Perry v. Board of Education

189 A.D.2d 939 | N.Y. App. Div. | 1993

Mercure, J.

Appeal from that part of an order of the Supreme Court (Duskas, J.), entered September 16, 1991 in St. Lawrence County, which denied defendant Board of Education, Gouverneur Central School District’s motion for summary judgment dismissing the complaint and cross claim against it.

On December 19, 1987 plaintiff, a referee, officiated several matches during a wrestling tournament held at Gouverneur Central School in St. Lawrence County. After watching a match that his son lost, defendant Thomas Lynch physically assaulted plaintiff, allegedly causing serious personal injuries. Thereafter, plaintiff brought this personal injury action against defendants Board of Education, Gouverneur Central School District (hereinafter the Board), Michael Derrigo, the high school principal, Ronald Woodruff, the athletic director (hereinafter collectively referred to as defendants) and Lynch. Following joinder of issue and discovery, defendants moved for summary judgment dismissing the complaint and cross claim as to them.

Supreme Court found, inter alia, that the Board’s adoption of the "Section 10 Public High School Athletic Association Rules” (hereinafter the Handbook) created questions of fact as *940to whether the Board assumed a special duty toward officials, students or spectators and that the alleged negligence of Derrigo and Woodruff took place within the scope of their duties as employees of the Board. Accordingly, an order was entered denying the motion for summary judgment as to the Board and granting the motion and dismissing the complaint and Lynch’s cross claim against Derrigo and Woodruff. The Board appeals from that part of the order which denied its motion for summary judgment.

Plaintiff recognizes, as he must, that public entities are immune from tort claims arising out of the performance of their governmental functions, including the provision of security against physical attack "unless the injured party establishes a special relationship with the entity, which creates a specific duty to protect that individual, and the individual justifiably relies upon the performance of that duty” (Sostre v City of New York Hous. Auth., 150 AD2d 766; see, Bonner v City of New York, 73 NY2d 930, 932; Cuffy v City of New York, 69 NY2d 255, 260; Marilyn S. v City of New York, 134 AD2d 583, 584-585, affd on mem below 73 NY2d 910). It is his contention, however, that a special relationship was created between him and the Board as a result of the Board’s adoption of the Handbook. We disagree.
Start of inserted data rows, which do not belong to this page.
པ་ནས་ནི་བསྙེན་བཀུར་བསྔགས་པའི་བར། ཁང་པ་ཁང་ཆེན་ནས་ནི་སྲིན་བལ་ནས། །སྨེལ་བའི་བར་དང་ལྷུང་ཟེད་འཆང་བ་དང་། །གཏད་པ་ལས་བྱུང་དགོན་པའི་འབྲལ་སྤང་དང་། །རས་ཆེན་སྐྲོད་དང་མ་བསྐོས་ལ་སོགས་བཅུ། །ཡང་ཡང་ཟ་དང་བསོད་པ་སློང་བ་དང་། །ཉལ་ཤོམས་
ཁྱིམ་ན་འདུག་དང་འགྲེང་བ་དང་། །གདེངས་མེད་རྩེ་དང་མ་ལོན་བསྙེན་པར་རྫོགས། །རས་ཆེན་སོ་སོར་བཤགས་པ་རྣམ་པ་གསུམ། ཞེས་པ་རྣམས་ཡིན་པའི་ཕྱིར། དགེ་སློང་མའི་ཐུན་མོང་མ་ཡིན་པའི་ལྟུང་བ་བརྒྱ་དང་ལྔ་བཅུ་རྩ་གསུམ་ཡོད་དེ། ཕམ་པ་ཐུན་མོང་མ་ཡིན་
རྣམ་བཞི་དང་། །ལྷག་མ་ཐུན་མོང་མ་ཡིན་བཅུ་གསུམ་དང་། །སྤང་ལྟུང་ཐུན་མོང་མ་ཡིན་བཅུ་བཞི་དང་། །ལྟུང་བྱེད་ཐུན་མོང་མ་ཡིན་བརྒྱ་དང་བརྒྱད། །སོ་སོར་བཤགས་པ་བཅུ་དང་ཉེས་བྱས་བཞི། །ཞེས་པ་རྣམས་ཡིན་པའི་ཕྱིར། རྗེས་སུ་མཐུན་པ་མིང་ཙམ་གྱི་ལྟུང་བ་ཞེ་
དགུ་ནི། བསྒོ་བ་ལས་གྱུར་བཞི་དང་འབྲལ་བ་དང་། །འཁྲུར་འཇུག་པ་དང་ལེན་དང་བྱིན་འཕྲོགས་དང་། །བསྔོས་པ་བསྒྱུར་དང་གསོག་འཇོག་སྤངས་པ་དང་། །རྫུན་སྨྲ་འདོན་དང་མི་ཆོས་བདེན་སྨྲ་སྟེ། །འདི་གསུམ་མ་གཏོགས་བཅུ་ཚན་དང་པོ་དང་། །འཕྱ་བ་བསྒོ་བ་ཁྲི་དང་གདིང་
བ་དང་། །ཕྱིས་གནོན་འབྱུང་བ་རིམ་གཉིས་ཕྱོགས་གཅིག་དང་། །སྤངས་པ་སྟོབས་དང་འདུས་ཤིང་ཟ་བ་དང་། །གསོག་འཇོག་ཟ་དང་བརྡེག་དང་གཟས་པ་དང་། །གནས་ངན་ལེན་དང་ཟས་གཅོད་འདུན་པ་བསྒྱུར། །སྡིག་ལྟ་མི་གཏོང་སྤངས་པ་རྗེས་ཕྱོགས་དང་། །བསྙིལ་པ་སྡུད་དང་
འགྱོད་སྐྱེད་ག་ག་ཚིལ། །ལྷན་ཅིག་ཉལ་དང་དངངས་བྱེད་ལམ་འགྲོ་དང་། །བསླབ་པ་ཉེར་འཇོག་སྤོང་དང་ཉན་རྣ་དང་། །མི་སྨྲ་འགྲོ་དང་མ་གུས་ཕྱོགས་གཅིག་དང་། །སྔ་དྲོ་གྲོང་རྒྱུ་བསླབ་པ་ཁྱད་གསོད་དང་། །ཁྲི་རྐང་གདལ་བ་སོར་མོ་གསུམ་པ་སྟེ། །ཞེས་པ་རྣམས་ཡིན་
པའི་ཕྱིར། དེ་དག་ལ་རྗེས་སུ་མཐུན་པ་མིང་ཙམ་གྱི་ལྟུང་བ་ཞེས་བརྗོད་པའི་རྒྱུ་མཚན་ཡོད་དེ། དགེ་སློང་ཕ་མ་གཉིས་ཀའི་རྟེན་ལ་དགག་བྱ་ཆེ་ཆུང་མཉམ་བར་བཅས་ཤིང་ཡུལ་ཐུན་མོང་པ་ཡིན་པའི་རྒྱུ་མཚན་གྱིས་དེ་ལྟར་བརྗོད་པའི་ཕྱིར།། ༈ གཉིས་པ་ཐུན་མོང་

To invoke the "special duty” exception to the rule that a public entity is not liable for the negligent performance of its governmental functions, "a plaintiff must establish that, through affirmative acts, the municipality has lulled him or her into foregoing other available avenues of protection or that it has voluntarily assumed a duty separate from that which is owed to the public generally” (Bishop v Bostick, 141 AD2d 487, 488). The Handbook delineates several "preparations and guidelines * * * made in order to improve safety and control of students and spectators” (emphasis supplied). Even viewing "spectators” broadly to include officials, the Handbook does not support a finding that plaintiff was to be treated differently than students, school district personnel and members of the public who were present for the tournament (see, Vitale v City of New York, 60 NY2d 861, 863; Litchhult v Reiss, 183 AD2d 1067, 1069, lv dismissed, lv denied 81 NY2d 737; Bisignano v City of New York, 136 AD2d 671; Isaksson v Rulffes, 135 AD2d 611, 612-613; Weinstein v Board of Educ., 127 AD2d 655, 656). Moreover, plaintiff was assigned to officiate at the tournament by representatives of Section 10 and there is no evidence in the record that plaintiff had direct *941contact with the Board or received assurances from the Board regarding the extent of security (see, Diesenhouse v Town of Wallkill, 184 AD2d 966). Thus, plaintiff has failed to establish the existence of a special relationship, as a matter of law, and the Board’s motion should have been granted.

Mikoll, J. P., Yesawich Jr., Crew III and Casey, JJ., concur. Ordered that the order is modified, on the law, without costs, by reversing so much thereof as denied defendant Board of Education, Gouverneur Central School District’s motion; motion granted, summary judgment awarded to said defendant and complaint dismissed against it; and, as so modified, affirmed.